Pedaling an Electric Bicycle: What You Need to Know

Pedaling an Electric Bicycle: What You Need to Know

Ebikes are getting more popular every year, due in part to a wider recognition of them and inclusion of their needs in state planning and regulatory rules. This has led to more manufacturers in the marketplace to match the high demand as well, and that means more visibility for the concept in all the marketplaces where bicycles are sold. Electric bikes enjoy a special place in vehicle regulation, because their motorized assist makes them a consistently fast method of travel that can take a user up to 28 miles per hour in some cases but they do not require a license to operate like most other motorized vehicles.

Why the Exception? Don’t You Need To Pedal?

Assisted bicycles are given a special classification because of two reasons. The first is that they are built to simulate the speeds and methods of operation of a traditional bicycle, which means it makes more sense to regulate them as one. The second is because their engine size is limited to a single horsepower, making it even less powerful than many riding lawnmowers and other small engine vehicles that go unregulated. Electric bikes for adults fall into one of three well-recognized classes. Multiple states have adopted this classification, enough that the other states’ electric bike cultures are adopting their terminology even without a legislative backing.

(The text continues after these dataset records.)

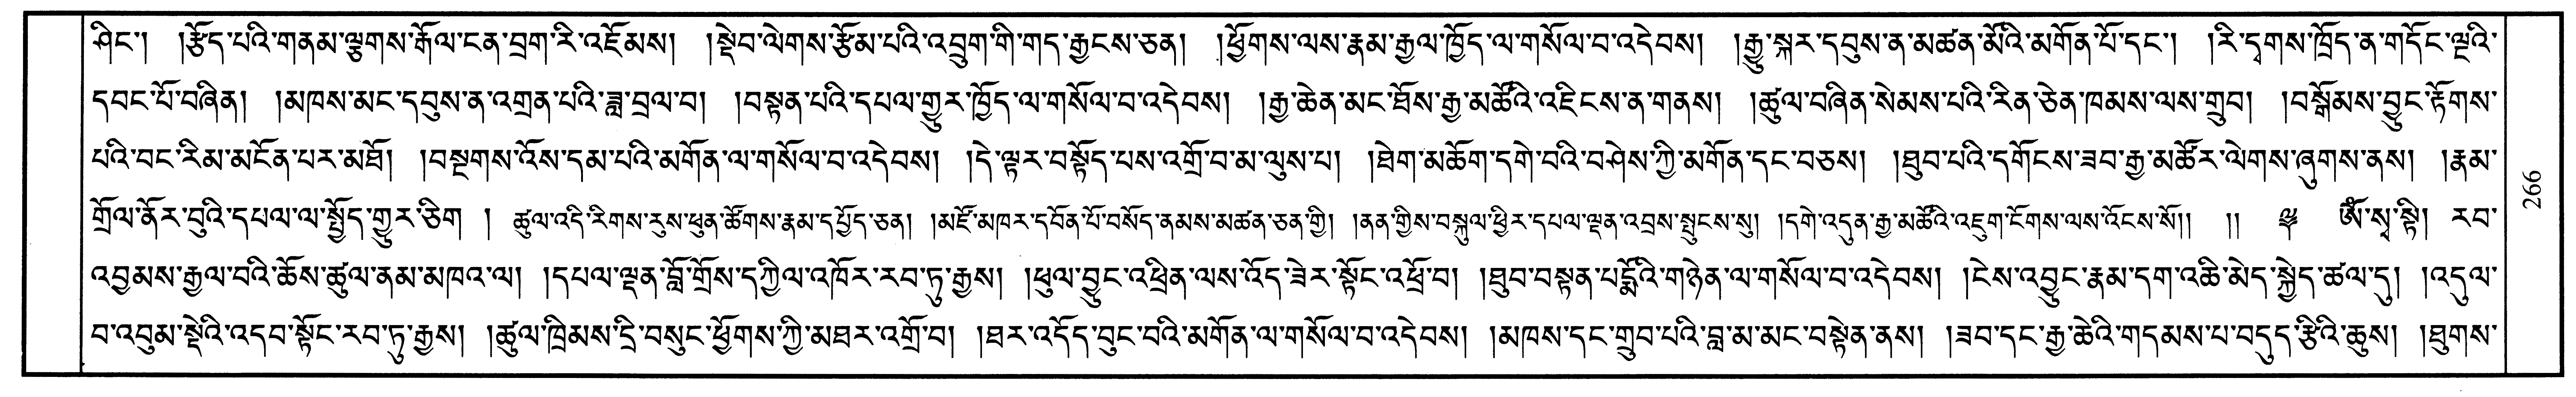ཤིང་། །རྩོད་པའི་གནམ་ལྕགས་རྒོལ་ངན་བྲག་རི་འཇོམས། །སྡེབ་ལེགས་རྩོམ་པའི་འབྲུག་གི་གད་རྒྱངས་ཅན། །ཕྱོགས་ལས་རྣམ་རྒྱལ་ཁྱོད་ལ་གསོལ་བ་འདེབས། །རྒྱུ་སྐར་དབུས་ན་མཚན་མོའི་མགོན་པོ་དང་། །རི་དྭགས་ཁྲོད་ན་གདོང་ལྔའི་
དབང་པོ་བཞིན། །མཁས་མང་དབུས་ན་འགྲན་པའི་ཟླ་བྲལ་བ། །བསྟན་པའི་དཔལ་གྱུར་ཁྱོད་ལ་གསོལ་བ་འདེབས། །རྒྱ་ཆེན་མང་ཐོས་རྒྱ་མཚོའི་འཇིངས་ན་གནས། །ཚུལ་བཞིན་སེམས་པའི་རིན་ཅེན་ཁམས་ལས་གྲུབ། །བསྒོམས་བྱུང་རྟོགས་
པའི་བང་རིམ་མངོན་པར་མཐོ། །བསྔགས་འོས་དམ་པའི་མགོན་ལ་གསོལ་བ་འདེབས། །དེ་ལྟར་བསྟོད་པས་འགྲོ་བ་མ་ལུས་པ། །ཐེག་མཆོག་དགེ་བའི་བཤེས་ཀྱི་མགོན་དང་བཅས། །ཐུབ་པའི་དགོངས་ཟབ་རྒྱ་མཚོར་ལེགས་ཞུགས་ནས། །རྣམ་
གྲོལ་ནོར་བུའི་དཔལ་ལ་སྤྱོད་གྱུར་ཅིག །ཚུལ་འདི་རིགས་རུས་ཕུན་ཚོགས་རྣམ་དཔྱོད་ཅན། །མཛོ་མཁར་དབོན་པོ་བསོད་ནམས་མཚན་ཅན་གྱི། །ནན་གྱིས་བསྐུལ་ཕྱིར་དཔལ་ལྡན་འབྲས་སྤུངས་སུ། །དགེ་འདུན་རྒྱ་མཚོའི་འཇུག་ངོགས་ལས་འོངས་སོ།། །། ༈ ཨོཾ་སྭ་སྟི། རབ་
འབྱམས་རྒྱལ་བའི་ཆོས་ཚུལ་ནམ་མཁའ་ལ། །དཔལ་ལྡན་བློ་གྲོས་དཀྱིལ་འཁོར་རབ་ཏུ་རྒྱས། །ཕུལ་བྱུང་འཕྲིན་ལས་འོད་ཟེར་སྟོང་འཕྲོ་བ། །ཐུབ་བསྟན་པདམོའི་གཉེན་ལ་གསོལ་བ་འདེབས། །ངེས་འབྱུང་རྣམ་དག་འཆི་མེད་སྐྱེད་ཚལ་དུ། །འདུལ་
བ་འབུམ་སྡེའི་འདབ་སྟོང་རབ་ཏུ་རྒྱས། །ཚུལ་ཁྲིམས་དྲི་བསུང་ཕྱོགས་ཀྱི་མཐར་འགྲོ་བ། །ཐར་འདོད་བུང་བའི་མགོན་ལ་གསོལ་བ་འདེབས། །མཁས་དང་གྲུབ་པའི་བླ་མ་མང་བསྟེན་ནས། །ཟབ་དང་རྒྱ་ཆེའི་གདམས་པ་བདུད་རྩིའི་ཆུས། །ཐུགས་

  • Class 1 motors only assist while the rider is pedaling and stop assisting when the bike reaches 20 mph
  • Class 2 ebike motors assist whether or not the rider is pedaling, but stop assisting when the bike reaches 20 mph
  • Class 3 mechanisms only work while the rider is pedaling and cut off assist at 28 mph

The use of these classes makes regulation easy, because trails and shared paths can easily be regulated to the appropriate classes of assistance. Since two of the forms of electric assist require pedaling, this naturally leads new riders to ask whether their pedaling style needs to change and how the assist will affect them.

Relax Your Technique

The nice thing about most womens electric bike models? You don’t need to pedal hard, you hardly need to pedal. While this might disappoint hardcore exercise enthusiasts, that’s not what the ebike is for. Instead, it provides the extra boost you usually would need to put serious power into your pedaling to get. That means hills are easy, you can pace yourself to pedal for comfort and fun without worry, and you won’t break a sweat unless you choose to. It’s ideal for a wide range of applications you just can’t use a traditional bike for.

  • Commuting with ease
  • Support for riders in physical rehab
  • Partially disabled riders
  • Lowering strain on long rides
  • Building endurance at your own pace

So what’s the best electric bike for women? That depends on what you’re looking for. If you’re wanting to go off-road with the kind of power that will push you through rugged trails, you need a class 3 motor. If you’re looking for a commuter ride, then you can choose either lower speed class if they’re both allowed in your municipality. As with any new vehicle investment, it’s important to understand the rules before you take it out on the road… or the trail.